Key words: amphibian, biodiversity, conservation, morphology, mitochondrial DNA, species complex
Introduction
Thailand is considered a global biodiversity hotspot and includes a tremendous diversity of amphibian species
(Myers et al. 2000). In Thailand, amphibians were reported more than 130 species and at least 32 species are
considered to be endemic (Frost 2015). Phu Luang Wildlife Sanctuary (PLWS) in Loei Province, northeastern
Thailand, is an economically and environmentally important forest conservation area covered by a mixture of dry
deciduous dipterocarp forest, mixed deciduous forest, hilly dry evergreen forest, montane evergreen forest,
coniferous forest, and tropical grassland (Phochayavanich 2007; Wanchai et al. 2012; Wanchai et al. 2013).
Elevations at PLWS ranges 400–1500 m above sea level (ASL). Several species endemic to Thailand, including
Limnonectes isanensis (Isan big-headed frog), Odorrana aureola (Phu Luang cascade frog), and Tylototriton
panhai (Salamandrid newt) have been reported from this site (Stuart et al. 2006a; McLeod et al. 2012; Nishikawa
et al. 2013). With respect to amphibian diversity, Phochayavanich et al. (2010) documented 22 species at PLWS
with greatest diversity occurring at lower elevations.

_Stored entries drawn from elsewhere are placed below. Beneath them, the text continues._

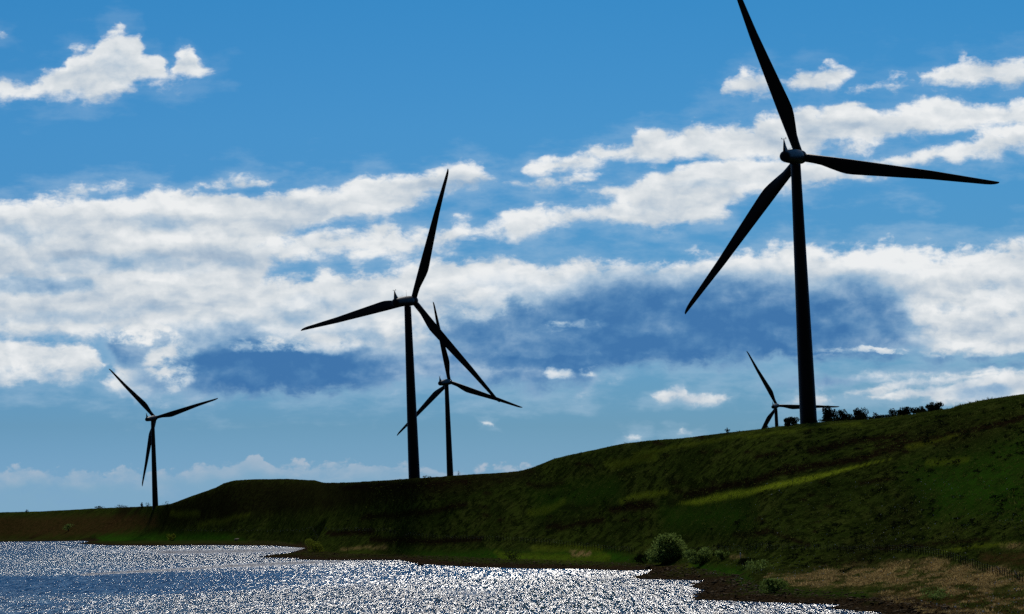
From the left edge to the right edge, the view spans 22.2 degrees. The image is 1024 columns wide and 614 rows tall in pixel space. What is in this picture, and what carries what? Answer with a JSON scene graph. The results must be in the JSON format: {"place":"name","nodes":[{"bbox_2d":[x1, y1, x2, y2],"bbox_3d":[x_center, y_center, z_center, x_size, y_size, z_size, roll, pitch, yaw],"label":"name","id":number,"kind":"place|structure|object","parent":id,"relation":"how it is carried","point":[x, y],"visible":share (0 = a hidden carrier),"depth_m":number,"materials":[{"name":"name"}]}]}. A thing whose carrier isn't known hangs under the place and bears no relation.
{"place":"outdoors","nodes":[
{"label":"outdoors","id":0,"kind":"place"},
{"bbox_2d":[0,541,879,613],"bbox_3d":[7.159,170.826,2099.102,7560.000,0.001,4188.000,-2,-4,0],"label":"water","id":1,"kind":"structure","parent":0,"point":[55,577],"depth_m":501.91,"materials":[{"name":"blue liquid"}]},
{"bbox_2d":[0,394,1023,613],"bbox_3d":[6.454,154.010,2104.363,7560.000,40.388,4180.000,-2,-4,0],"label":"hillside terrain","id":2,"kind":"structure","parent":0,"point":[253,507],"depth_m":589.13,"materials":[{"name":"green plant"}]},
{"bbox_2d":[62,523,74,530],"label":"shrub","id":3,"kind":"object","parent":2,"relation":"on","point":[68,526],"visible":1,"depth_m":2031.01,"materials":[{"name":"green plant"}]},
{"bbox_2d":[109,369,217,509],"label":"wind turbine","id":4,"kind":"object","parent":2,"relation":"on","point":[152,418],"visible":0.98,"depth_m":1649.68,"materials":[{"name":"paint"}]},
{"bbox_2d":[167,533,175,540],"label":"shrub","id":5,"kind":"object","parent":2,"relation":"on","point":[171,538],"visible":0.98,"depth_m":1496.03,"materials":[{"name":"green plant"}]},
{"bbox_2d":[304,538,323,551],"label":"shrub","id":6,"kind":"object","parent":2,"relation":"on","point":[316,547],"visible":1,"depth_m":888.69,"materials":[{"name":"green plant"}]},
{"bbox_2d":[301,169,499,478],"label":"wind turbine","id":7,"kind":"object","parent":2,"relation":"on","point":[407,302],"visible":0.98,"depth_m":852.84,"materials":[{"name":"paint"}]},
{"bbox_2d":[397,302,521,475],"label":"wind turbine","id":8,"kind":"object","parent":2,"relation":"on","point":[446,383],"visible":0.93,"depth_m":1428.15,"materials":[{"name":"paint"}]},
{"bbox_2d":[503,546,521,559],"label":"shrub","id":9,"kind":"object","parent":2,"relation":"on","point":[511,557],"visible":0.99,"depth_m":641.64,"materials":[{"name":"green plant"}]},
{"bbox_2d":[197,541,986,613],"bbox_3d":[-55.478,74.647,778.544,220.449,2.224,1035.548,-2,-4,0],"label":"shore stones","id":10,"kind":"object","parent":2,"relation":"on","point":[912,610],"visible":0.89,"depth_m":391.86,"materials":[{"name":"stone"}]},
{"bbox_2d":[632,553,647,562],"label":"shrub","id":11,"kind":"object","parent":2,"relation":"on","point":[639,557],"visible":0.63,"depth_m":557.28,"materials":[{"name":"green plant"}]},
{"bbox_2d":[645,532,688,562],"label":"willow bush","id":12,"kind":"object","parent":2,"relation":"on","point":[668,548],"visible":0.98,"depth_m":540.67,"materials":[{"name":"green plant"}]},
{"bbox_2d":[325,394,1023,613],"bbox_3d":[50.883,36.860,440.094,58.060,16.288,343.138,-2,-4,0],"label":"grass","id":13,"kind":"structure","parent":2,"relation":"on","point":[885,567],"depth_m":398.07,"materials":[{"name":"green plant"}]},
{"bbox_2d":[334,403,1023,571],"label":"heather clumps","id":14,"kind":"object","parent":2,"relation":"on","point":[894,523],"visible":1,"depth_m":447.82,"materials":[{"name":"green plant"}]},
{"bbox_2d":[344,542,1023,613],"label":"dry grass","id":15,"kind":"structure","parent":2,"relation":"on","point":[861,578],"depth_m":360.93,"materials":[{"name":"brown plant"}]},
{"bbox_2d":[683,547,712,564],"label":"willow bush","id":16,"kind":"object","parent":2,"relation":"on","point":[701,556],"visible":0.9,"depth_m":509.64,"materials":[{"name":"green plant"}]},
{"bbox_2d":[714,549,728,559],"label":"willow bush","id":17,"kind":"object","parent":2,"relation":"on","point":[720,553],"visible":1,"depth_m":495.59,"materials":[{"name":"green plant"}]},
{"bbox_2d":[737,557,754,565],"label":"shrub","id":18,"kind":"object","parent":2,"relation":"on","point":[742,561],"visible":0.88,"depth_m":458.20,"materials":[{"name":"green plant"}]},
{"bbox_2d":[743,558,770,571],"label":"willow bush","id":19,"kind":"object","parent":2,"relation":"on","point":[753,566],"visible":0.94,"depth_m":436.52,"materials":[{"name":"green plant"}]},
{"bbox_2d":[759,578,788,592],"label":"willow bush","id":20,"kind":"object","parent":2,"relation":"on","point":[773,584],"visible":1,"depth_m":370.09,"materials":[{"name":"green plant"}]},
{"bbox_2d":[783,417,798,425],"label":"shrub","id":21,"kind":"object","parent":2,"relation":"on","point":[788,421],"visible":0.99,"depth_m":574.22,"materials":[{"name":"green plant"}]},
{"bbox_2d":[747,351,838,428],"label":"wind turbine","id":22,"kind":"object","parent":2,"relation":"on","point":[774,406],"visible":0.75,"depth_m":1867.30,"materials":[{"name":"paint"}]},
{"bbox_2d":[804,416,816,422],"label":"shrub","id":23,"kind":"object","parent":2,"relation":"on","point":[809,419],"visible":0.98,"depth_m":570.22,"materials":[{"name":"green plant"}]},
{"bbox_2d":[822,406,838,421],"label":"shrub","id":24,"kind":"object","parent":2,"relation":"on","point":[829,413],"visible":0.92,"depth_m":571.12,"materials":[{"name":"green plant"}]},
{"bbox_2d":[685,0,998,423],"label":"wind turbine","id":25,"kind":"object","parent":2,"relation":"on","point":[796,156],"visible":1,"depth_m":580.32,"materials":[{"name":"paint"}]},
{"bbox_2d":[837,409,850,420],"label":"shrub","id":26,"kind":"object","parent":2,"relation":"on","point":[841,414],"visible":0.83,"depth_m":566.94,"materials":[{"name":"green plant"}]},
{"bbox_2d":[818,416,870,421],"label":"shrub","id":27,"kind":"object","parent":2,"relation":"on","point":[833,419],"visible":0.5,"depth_m":565.60,"materials":[{"name":"green plant"}]},
{"bbox_2d":[845,407,868,420],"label":"shrub","id":28,"kind":"object","parent":2,"relation":"on","point":[858,413],"visible":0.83,"depth_m":565.61,"materials":[{"name":"green plant"}]},
{"bbox_2d":[865,414,896,418],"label":"shrub","id":29,"kind":"object","parent":2,"relation":"on","point":[879,416],"visible":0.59,"depth_m":551.75,"materials":[{"name":"green plant"}]},
{"bbox_2d":[888,409,896,415],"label":"shrub","id":30,"kind":"object","parent":2,"relation":"on","point":[891,413],"visible":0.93,"depth_m":549.47,"materials":[{"name":"green plant"}]},
{"bbox_2d":[894,407,911,415],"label":"shrub","id":31,"kind":"object","parent":2,"relation":"on","point":[904,410],"visible":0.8,"depth_m":545.89,"materials":[{"name":"green plant"}]},
{"bbox_2d":[909,406,926,412],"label":"shrub","id":32,"kind":"object","parent":2,"relation":"on","point":[914,410],"visible":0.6,"depth_m":539.29,"materials":[{"name":"green plant"}]},
{"bbox_2d":[911,408,929,413],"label":"shrub","id":33,"kind":"object","parent":2,"relation":"on","point":[922,410],"visible":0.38,"depth_m":535.63,"materials":[{"name":"green plant"}]},
{"bbox_2d":[917,586,951,599],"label":"willow bush","id":34,"kind":"object","parent":2,"relation":"on","point":[935,595],"visible":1,"depth_m":322.59,"materials":[{"name":"green plant"}]},
{"bbox_2d":[925,401,943,410],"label":"shrub","id":35,"kind":"object","parent":2,"relation":"on","point":[931,406],"visible":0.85,"depth_m":532.80,"materials":[{"name":"green plant"}]},
{"bbox_2d":[887,544,1022,581],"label":"wire fence","id":36,"kind":"object","parent":2,"relation":"on","point":[892,547],"visible":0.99,"depth_m":368.52,"materials":[{"name":"black wood"}]},
{"bbox_2d":[0,0,1023,511],"label":"sky","id":37,"kind":"structure","parent":0,"point":[189,188],"materials":[{"name":"blue"}]}
]}

In recent years, a growing amount of attention has been given to species complexes and the underestimation of
amphibian diversity, particularly in Southeast Asia (Bain et al. 2003; Stuart et al. 2006a,b; McLeod 2008; McLeod
2010; Matsui et al. 2010a,b; Inger & Stuart 2010). In Thailand, the Odorrana livida complex (Stuart et al. 2006a,b)
and the Limnonectes kuhlii complex (McLeod 2008, 2010; Matsui et al. 2010b; McLeod et al. 2012) exemplify the
diversity that can be obscured by morphological similarities of postmetamorphic individuals. On the basis of
molecular data, Stuart et al. (2006b) identified seven species in the O. livida complex, two species of which occur
in Thailand. Similarly, more than 22 species (or candidate species) have been identified in the L. kuhlii complex
(Matsui et al. 2010b; McLeod 2010), of which four species occurs in Thailand.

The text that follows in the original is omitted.